Conosciuto e ricercato, l’ambito dell’opera era l’unico genere che garantiva grandi profitti per i compositori del tempo; infatti, Vivaldi stesso ne fu attratto, anche se la sua condizione ecclesiale gli  impedì di affrontare tale genere, inizialmente considerato troppo banale e poco edificante. In realtà, i suoi superiori rimproverarono a Vivaldi sia la sua poca dedizione al culto sia i suoi costumi lassisti.

Immerso nel mondo del teatro, come autore e imprenditore, produrrà Ottone in Villa (1713), che fu la prima opera di Vivaldi di cui si ha notizia; seguirono titoli come Orlando Furioso, Armida al campo d’Egitto, Tito Manlio e L’Olimpiade, oggi, purtroppo,  rappresentate solo sporadicamente nei teatri.

Musicista di fama, raggiunse il picco a metà della sua vita con la pubblicazione dei suoi più importanti componimenti strumentali, Il cimento dell’armonia e dell’inventione Op.8 e La cetra Op. 9. La prima raccolta fu pubblicata ad Amsterdam nel 1725 e conteneva un totale di 12 concerti, di cui i primi quattro per violino intitolati Le Quattro Stagioni, che, ad oggi, rimangono le migliori composizioni e le più famose di tutto il lavoro; la seconda raccolta, composta anch’essa da 12 concerti, fu dedicata all’Imperatore d’Austria Carlo VI e pubblicata due anni dopo nel 1727.

Le Quattro Stagioni dall’Op.8, non solo mostrano la capacità semantica della musica, ma anche la capacità del musicista di ricreare i suoni ricorrenti nelle stagioni: il tempo, le suggestioni, l’intimismo. Si possono definire una primordiale tipologia di musica a programma.

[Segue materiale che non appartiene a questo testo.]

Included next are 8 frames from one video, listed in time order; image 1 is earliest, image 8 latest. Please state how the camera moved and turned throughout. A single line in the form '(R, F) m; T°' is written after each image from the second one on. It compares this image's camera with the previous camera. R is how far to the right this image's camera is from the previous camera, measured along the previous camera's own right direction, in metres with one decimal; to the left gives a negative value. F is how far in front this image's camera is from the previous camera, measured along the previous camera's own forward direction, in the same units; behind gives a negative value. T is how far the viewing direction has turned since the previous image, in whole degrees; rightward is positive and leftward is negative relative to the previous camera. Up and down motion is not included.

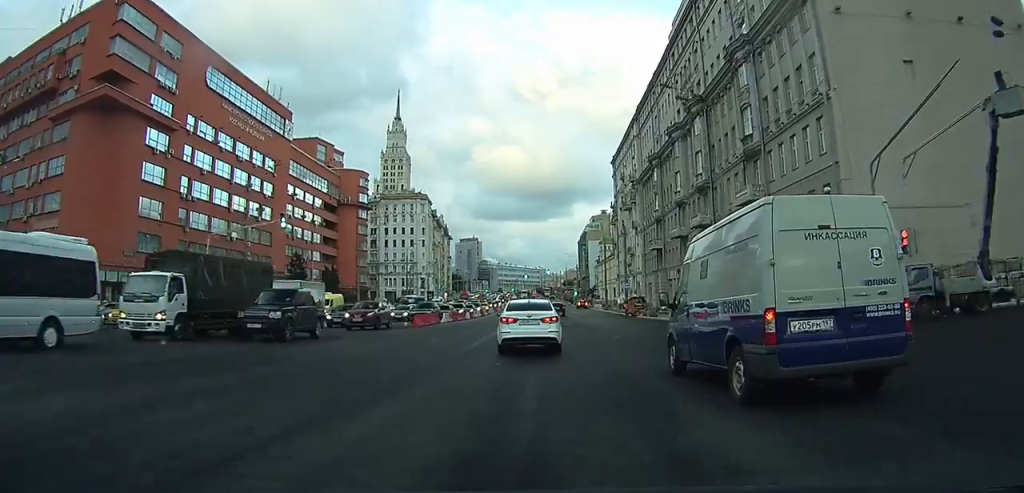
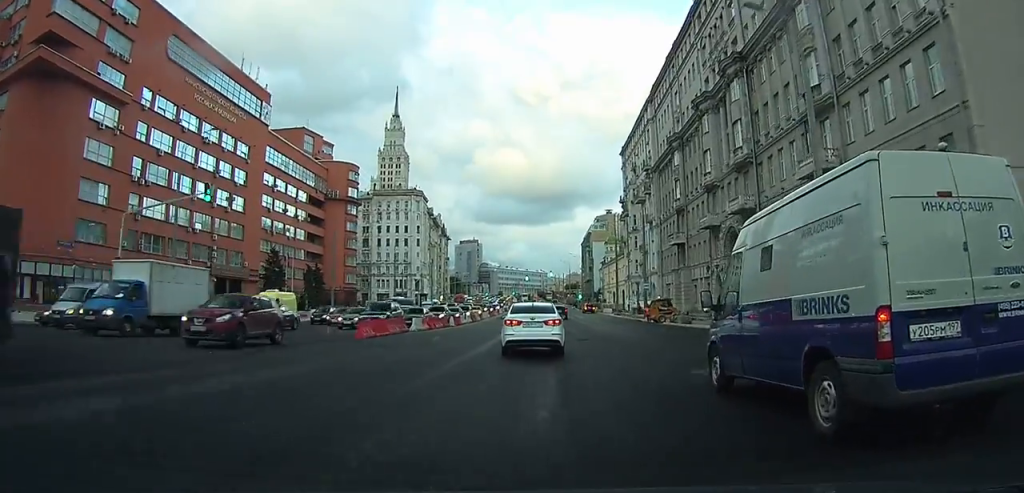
(0.0, +11.9) m; 0°
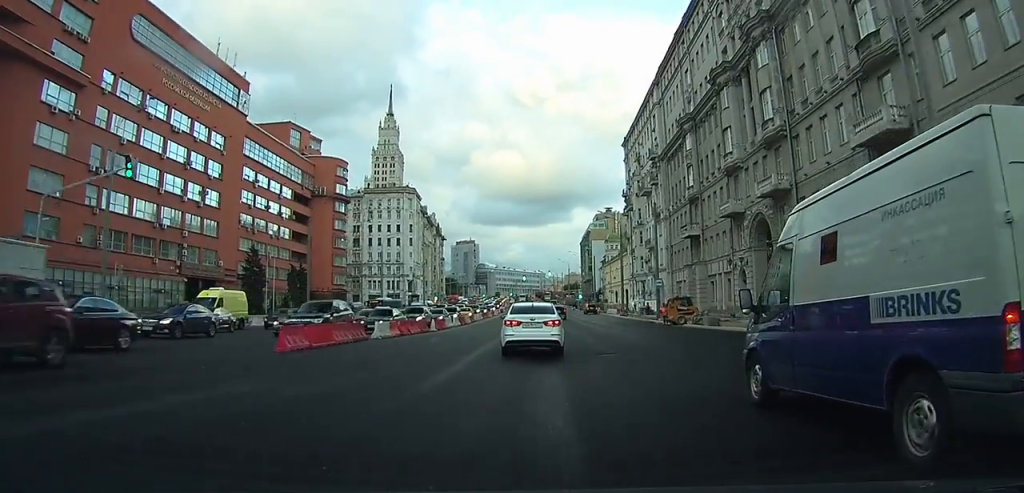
(0.0, +7.6) m; 0°
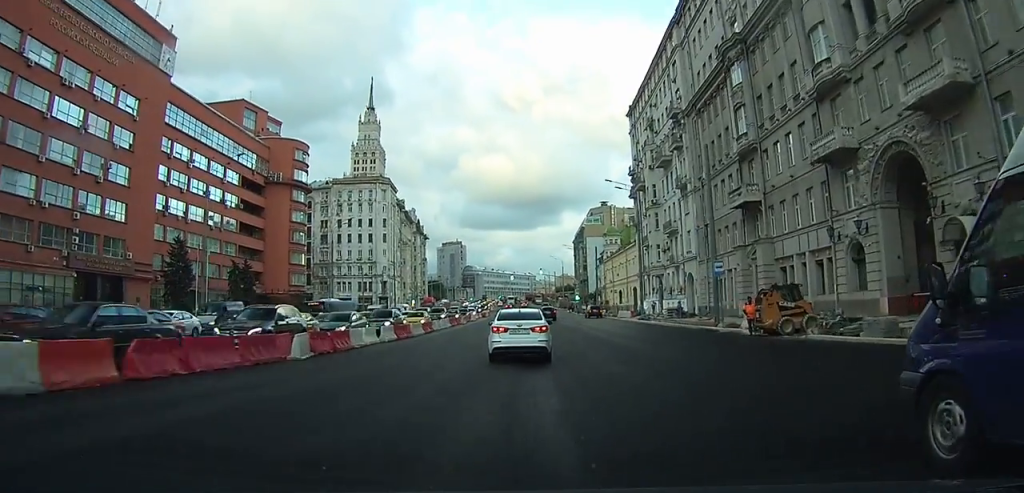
(-0.1, +20.6) m; 0°
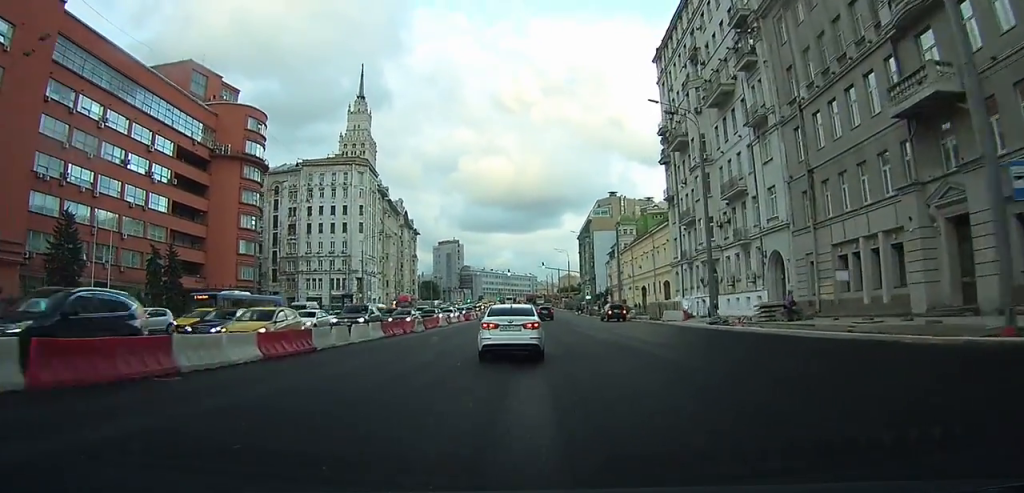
(+0.3, +23.3) m; +1°
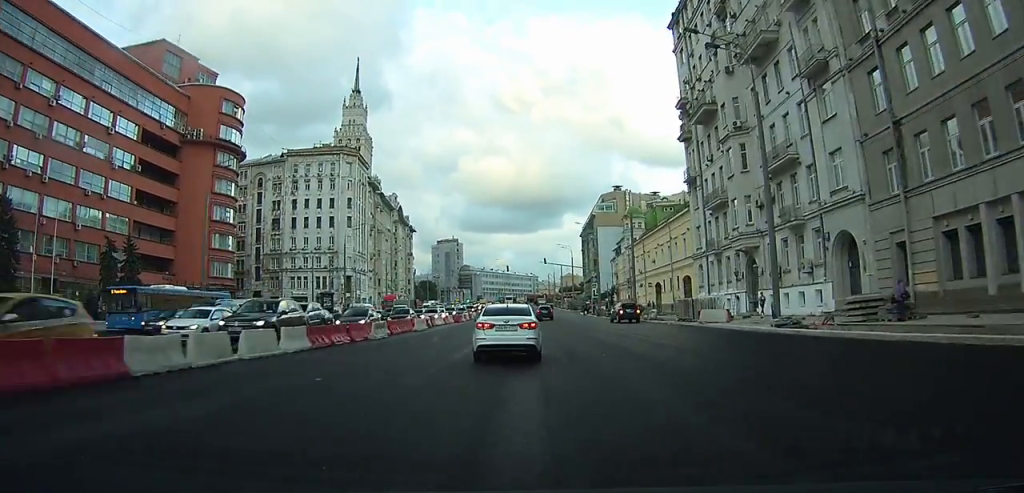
(+0.1, +9.7) m; 0°
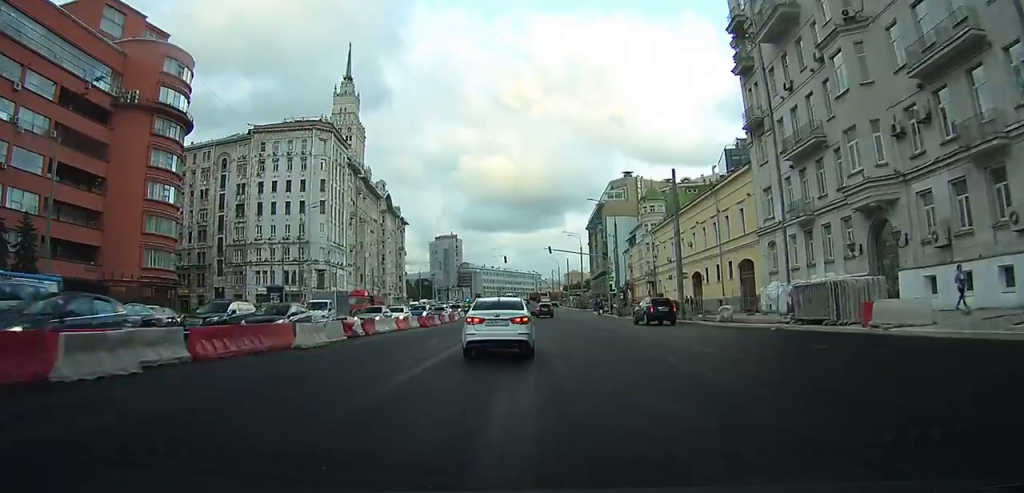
(0.0, +18.3) m; 0°
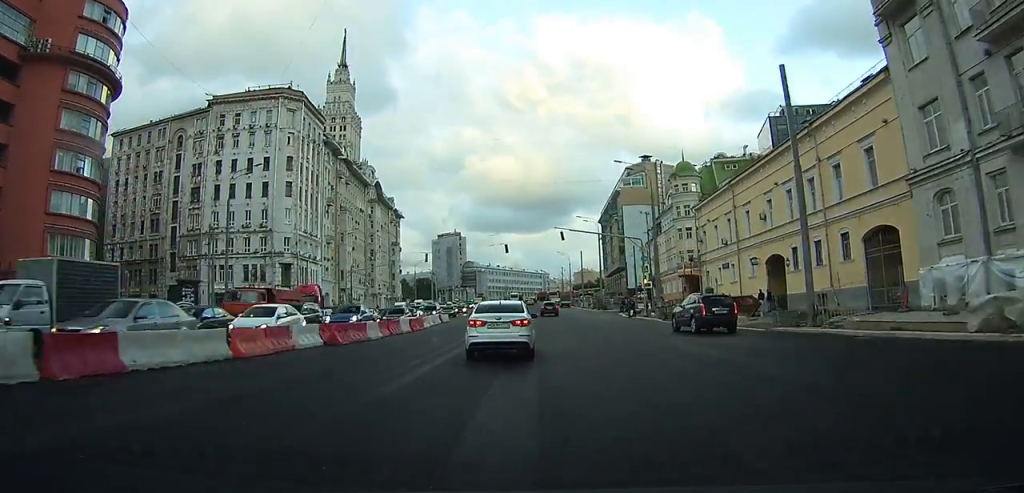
(+0.1, +19.8) m; 0°

Il sonetto, che precede ognuna della quattro stagioni, descrive il ciclo annuale della natura: gli uomini che lavorano e gli animali che lo abitano. Ciascuno dei quattro concerti, quindi, sviluppa musicalmente il suo componimento letterario di autore ignoto, o forse dello stesso Vivaldi: il primo, La  Primavera, raffigurata nel sonetto anteposto, imita, ad esempio, il canto degli uccelli in primavera.  Il dettaglio descrittivo del desiderio raggiunge la sua rappresentazione attraverso il violino solista imitandone il pastore addormentato, mentre i restanti violini imitano il mormorio delle piante e la viola il cane che abbaia.

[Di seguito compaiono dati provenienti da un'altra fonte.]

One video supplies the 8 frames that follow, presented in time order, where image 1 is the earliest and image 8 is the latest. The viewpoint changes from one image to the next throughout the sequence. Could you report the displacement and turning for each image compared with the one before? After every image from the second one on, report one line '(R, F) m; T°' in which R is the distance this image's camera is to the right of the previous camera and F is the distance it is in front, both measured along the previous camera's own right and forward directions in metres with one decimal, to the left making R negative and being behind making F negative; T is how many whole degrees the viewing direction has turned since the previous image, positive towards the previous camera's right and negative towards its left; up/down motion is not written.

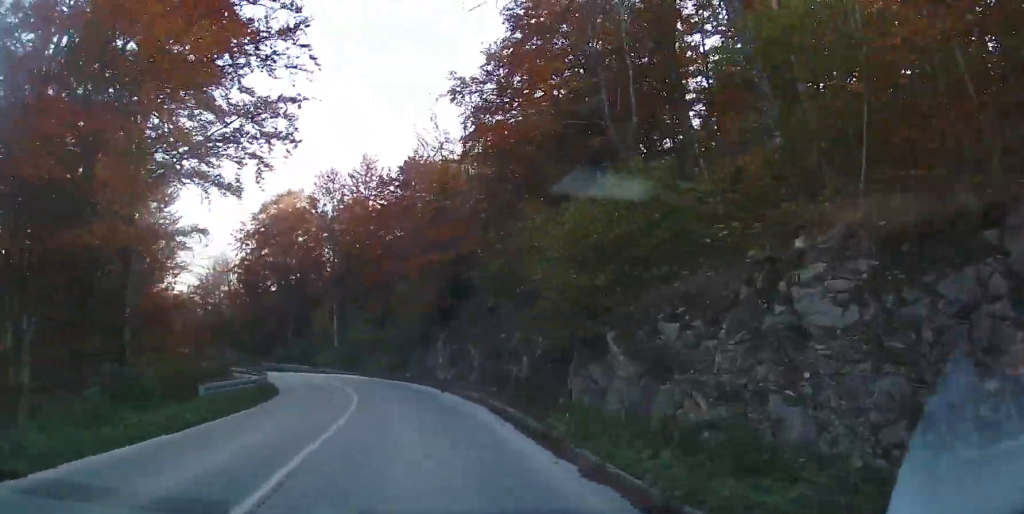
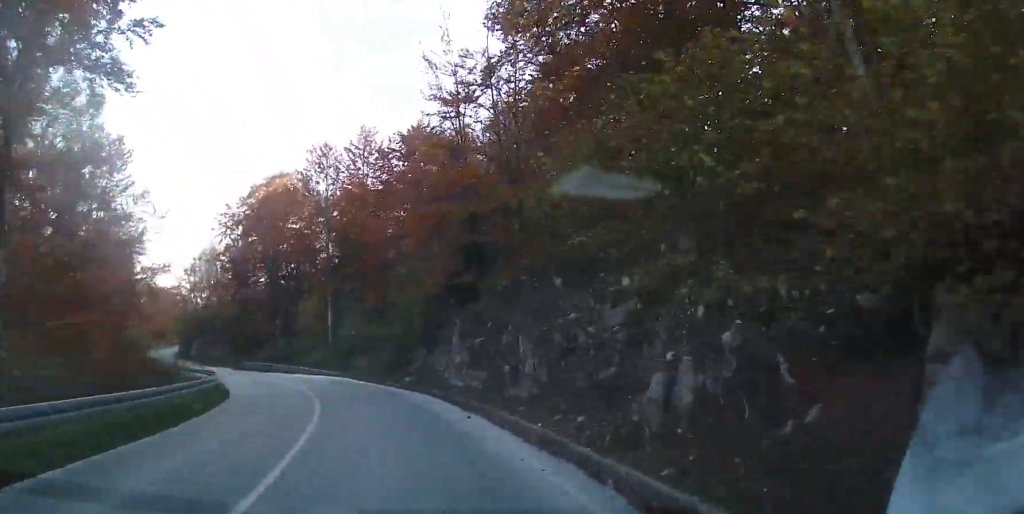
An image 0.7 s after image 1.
(+0.2, +9.6) m; 0°
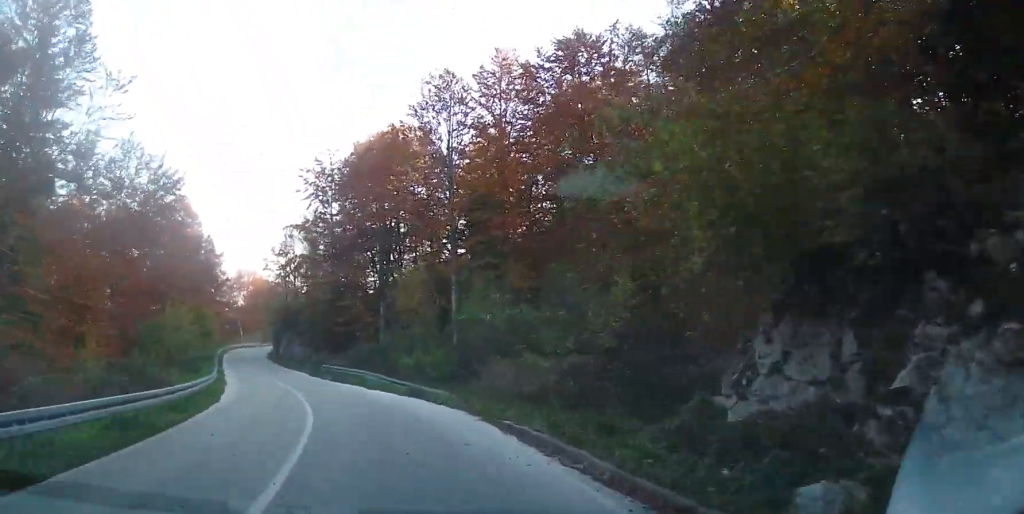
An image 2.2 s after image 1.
(-0.9, +21.3) m; -9°
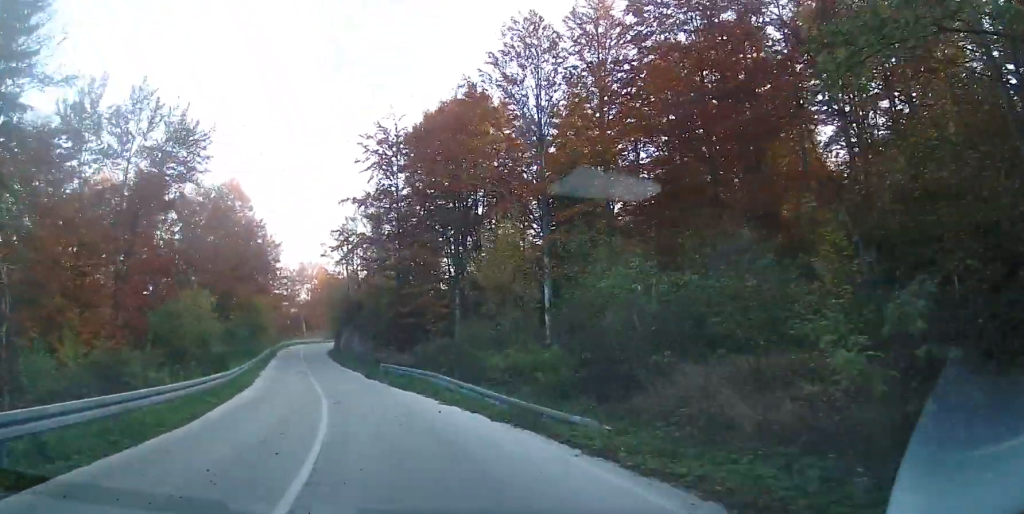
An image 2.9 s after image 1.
(-0.6, +9.8) m; -5°
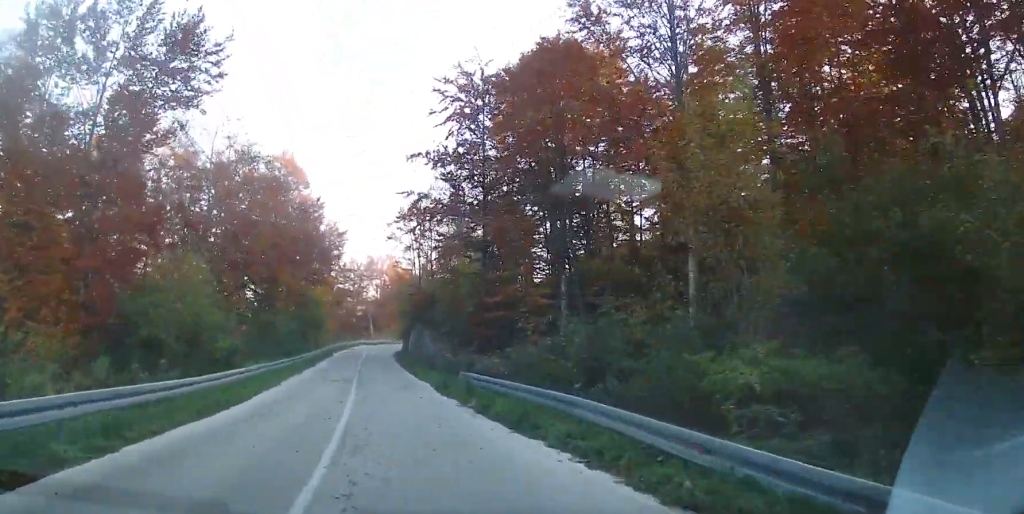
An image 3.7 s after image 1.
(-0.6, +12.2) m; -5°
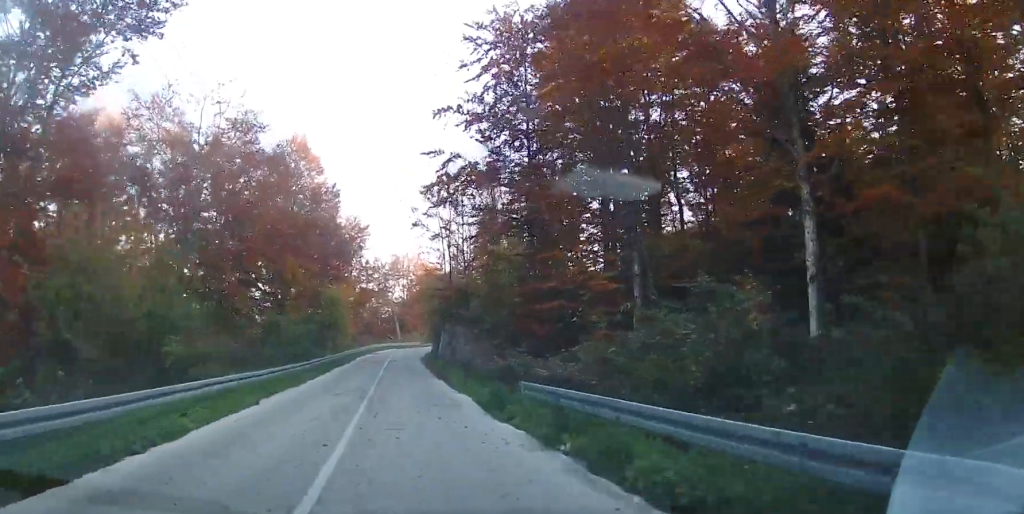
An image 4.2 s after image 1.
(0.0, +7.8) m; -3°
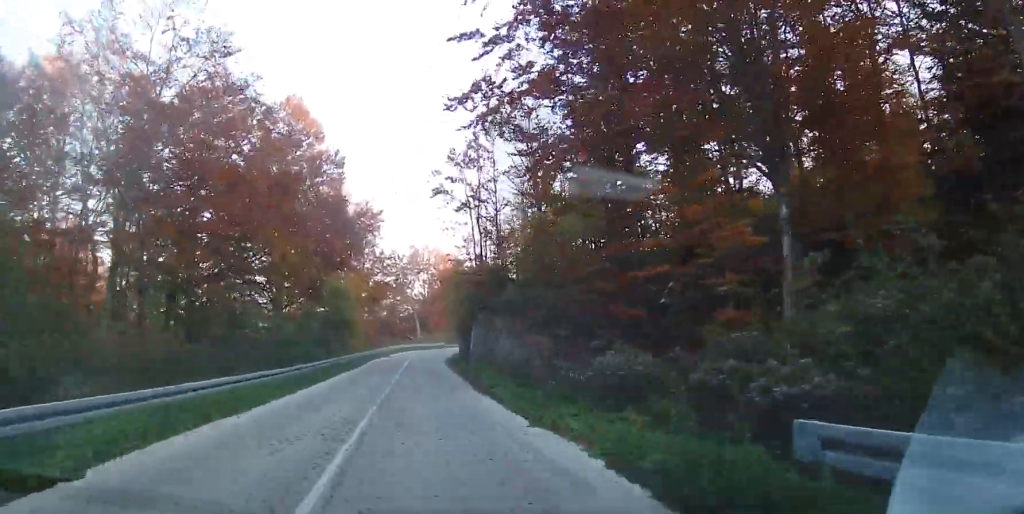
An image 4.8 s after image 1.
(-0.6, +10.7) m; -3°
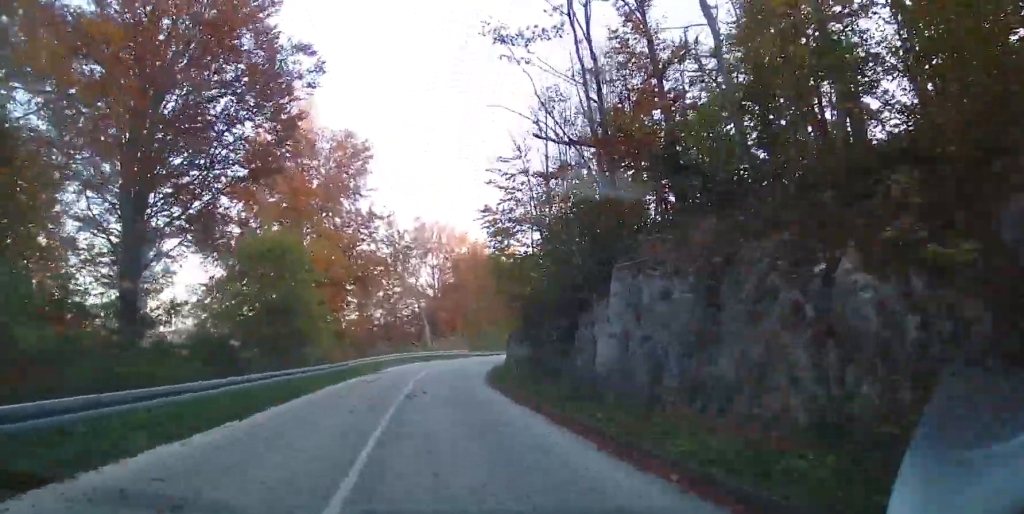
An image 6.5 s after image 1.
(-0.7, +27.5) m; -1°

Il secondo descrive il torpore estivo della natura al sole arido dopo una tempesta, come annunciato nel primo movimento, raggiungendo la sua massima violenza alla fine dell’Autunno (il terzo), che sembra presieduto dal dio Bacco: ha l’ebbrezza soporifera di un abitante del villaggio, vendemmiando felicemente, poi, all’alba, appare una nuova figura, il cacciatore, con i suoi corni e i suoi cani in cerca di prede. Nell’ Inverno (il quarto), predominano le immagini sonore della neve e del ghiaccio, elementi tipici di questa stagione.

La popolarità di questo componimento risale allo stesso momento della sua creazione, tanto che, soprattutto del primo concerto, La Primavera, circolarono in Francia alcune copie con imitazioni scritte a mano degli arrangiamenti. Verso la fine degli anni ’30 del XVIII secolo, il pubblico veneziano cominciò a mostrare  poco interesse verso la sua musica, così Vivaldi decise, nel 1741, di tentare la fortuna oltralpe dirigendosi  a Vienna, dove morì in povertà assoluta un mese dopo il suo arrivo.

Dopo la sua morte, la sua musica cadde nell’oblio per un lungo periodo; la riscoperta di queste opere  non avvenne prima del ventesimo secolo, grazie alla mano paziente di Bach, che aveva trascritto precedentemente i suoi dodici concerti per diversi strumenti.

A soli due anni dalla ripresa e dalla diffusione della sua opera, la musica di Vivaldi divenne tra la più eseguita nel mondo. Nonostante il triste epilogo del compositore veneziano e il lungo periodo di abbandono, l’opera di Vivaldi contribuì, attraverso Bach, a gettare le basi per quella che sarebbe stata la musica dei maestri del classicismo, in particolare in Francia, e a consolidare la struttura del concerto solista.